Managing a network of users and computers in an enterprise environment can be challenging. One crucial aspect of network management is tracking when users or computers last logged in. This information is vital for security, troubleshooting, and resource allocation.
This blog post will explore various methods to find the last logon time for Active Directory users and computers.
Table of Contents
What is the Last Logon Time Source?
In Active Directory, two attributes are primary sources of last logon time information for user or computer accounts:
- lastLogon: This attribute records the last time a user logged onto the domain from any computer. It is not replicated between domain controllers, meaning each domain controller may have a different value for this attribute.
- This situation can make it challenging to accurately determine the actual last logon time, especially in multi-domain environments.

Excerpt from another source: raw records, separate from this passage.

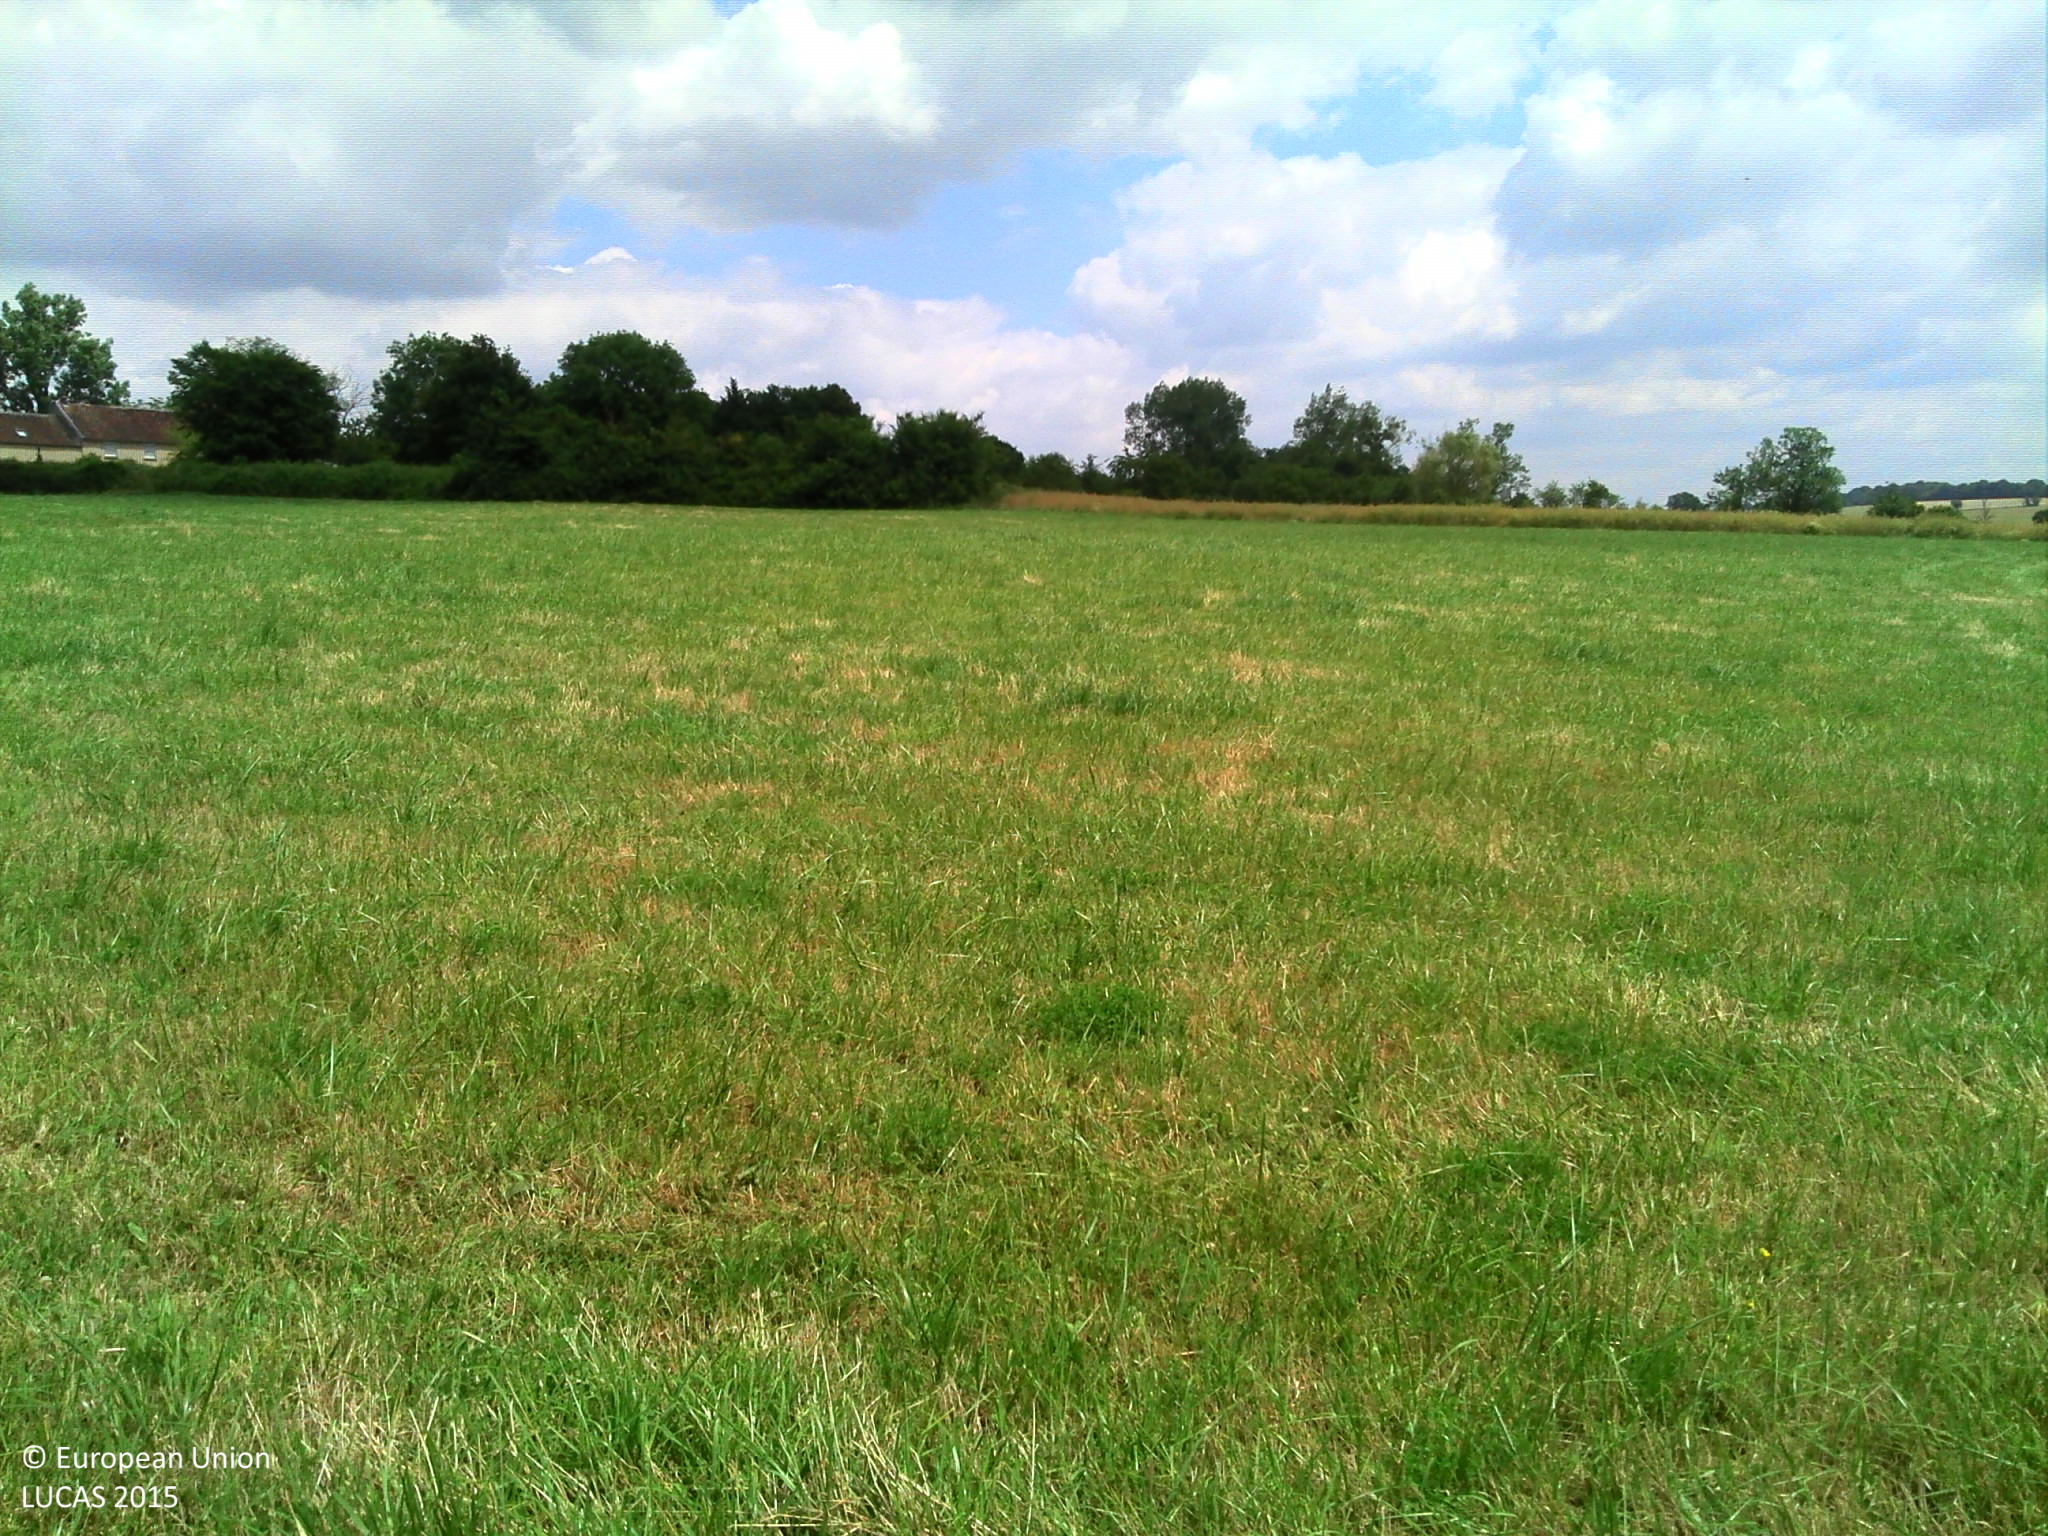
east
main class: Grassland
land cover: Grassland without tree/shrub cover
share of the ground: > 75 %
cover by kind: herbaceous plants 100 %
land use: Agriculture (excluding fallow land and kitchen gardens)
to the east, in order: Grassland without tree/shrub cover; Rape and turnip rape; Grass margins; Tracks; Fences; Managed hedges; Spontaneously vegetated surfaces
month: June
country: FR
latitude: 47.5035
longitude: 3.1311
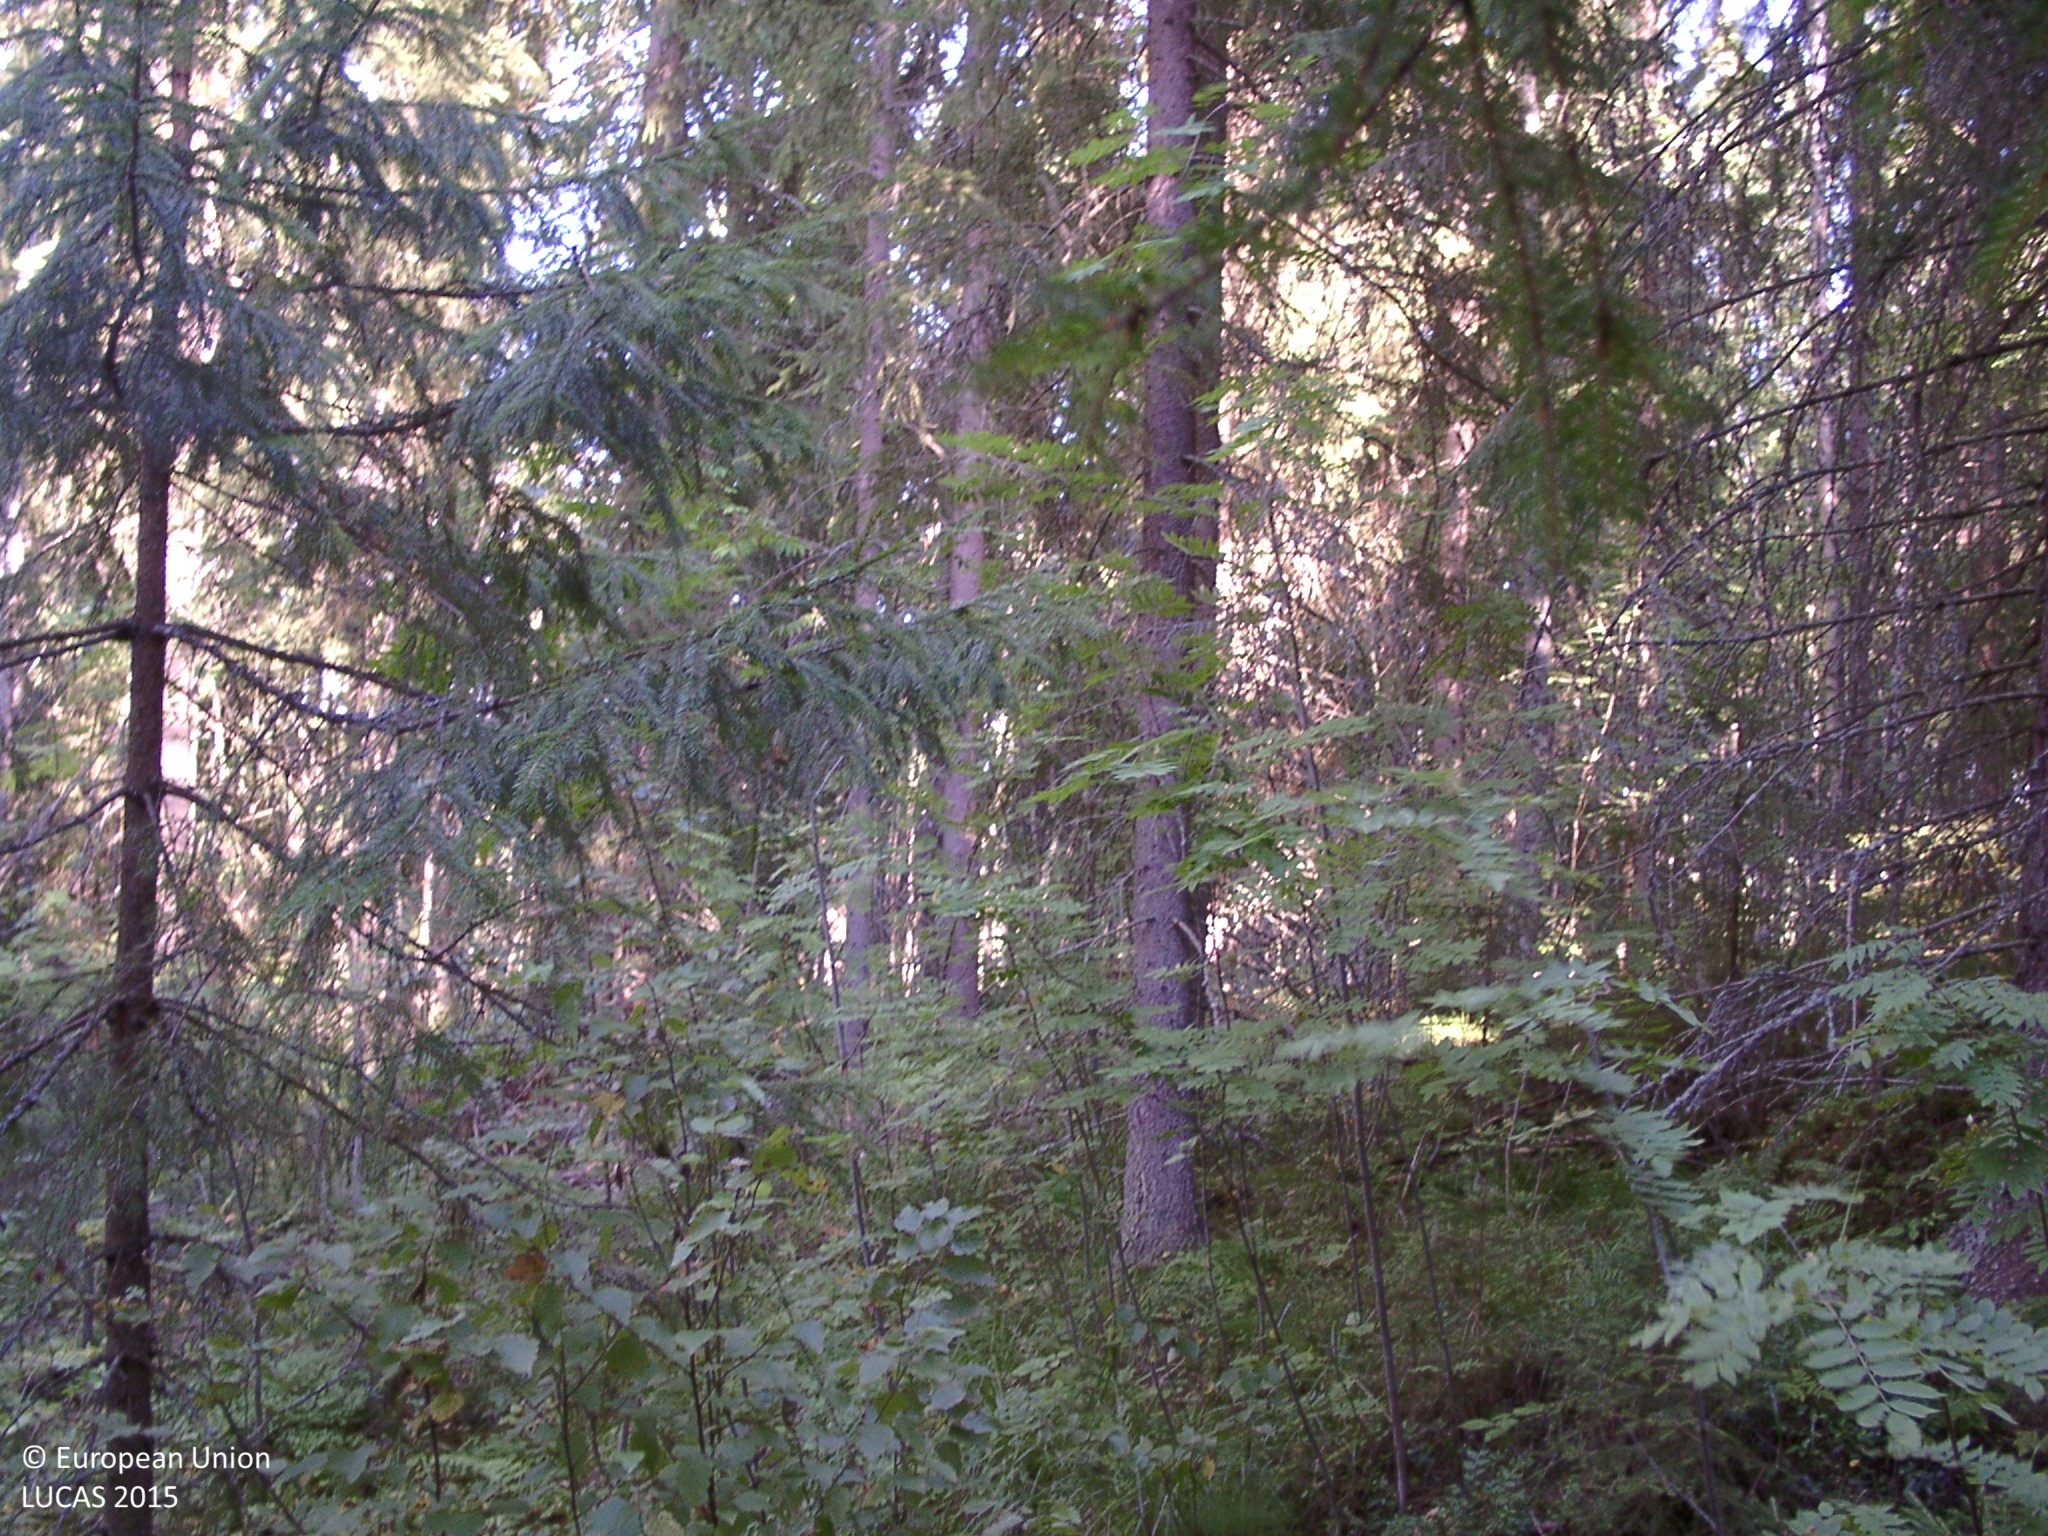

Related post. Configuring Active Directory Sites and Subnets.
- lastLogonTimestamp: This attribute is introduced to address the challenges associated with the “lastLogon” attribute. It is replicated between domain controllers, making it a more reliable source of last logon information.
- However, there is a catch. The “lastLogonTimestamp” attribute is not updated in real time. Instead, it is updated only every 14 days (by default), providing a somewhat outdated but consistent value across all domain controllers.
- This delay in updates is to reduce replication traffic.
To get the most accurate last logon time for a user account in Active Directory, you would typically use the “lastLogonTimestamp” attribute. Because of the update delay, it might not always reflect the very latest logon activity. Still, it offers a reasonable compromise between accuracy and efficiency.
When using PowerShell or other methods to query last logon times, it’s a good practice to use the “lastLogonTimestamp” attribute for its reliability unless you have specific reasons to use the “lastLogon” attribute.
Alternative logon time-related attributes were introduced in Windows Server 2008 (AD Schema objectVersion=44). These are:
- msDS-LastFailedInteractiveLogonTime — time of the last failed interactive login attempt.
- msDS-LastSuccessfulInteractiveLogonTime — the time of the last successful interactive login attempt.
Related post. Active Directory Schema Update.
However, these attributes are not enabled by default because they can cause a huge replication burden to the Active Directory. So enabling them is a matter of careful planning. Also, they only track interactive login attempts.
So, in the interest of this tutorial, we’ll stick with the lastLogon and lastLogonTimestamp attributes.
Finding Last Logon Time in ADUC
The Active Directory Users and Computers (ADUC) snap-in could be your first bet if you’re checking a few computers or users’ last logon time. ADUC is available on domain controllers and computers with the Remote Server Administration Tools (RSAT).
- Open the Active Directory Users and Computers console. Press WIN+R and run dsa.msc.
- Click View → Advanced Features. This step enables the advanced features, including the Attribute Editor tab.
- Locate the user or computer and open its properties.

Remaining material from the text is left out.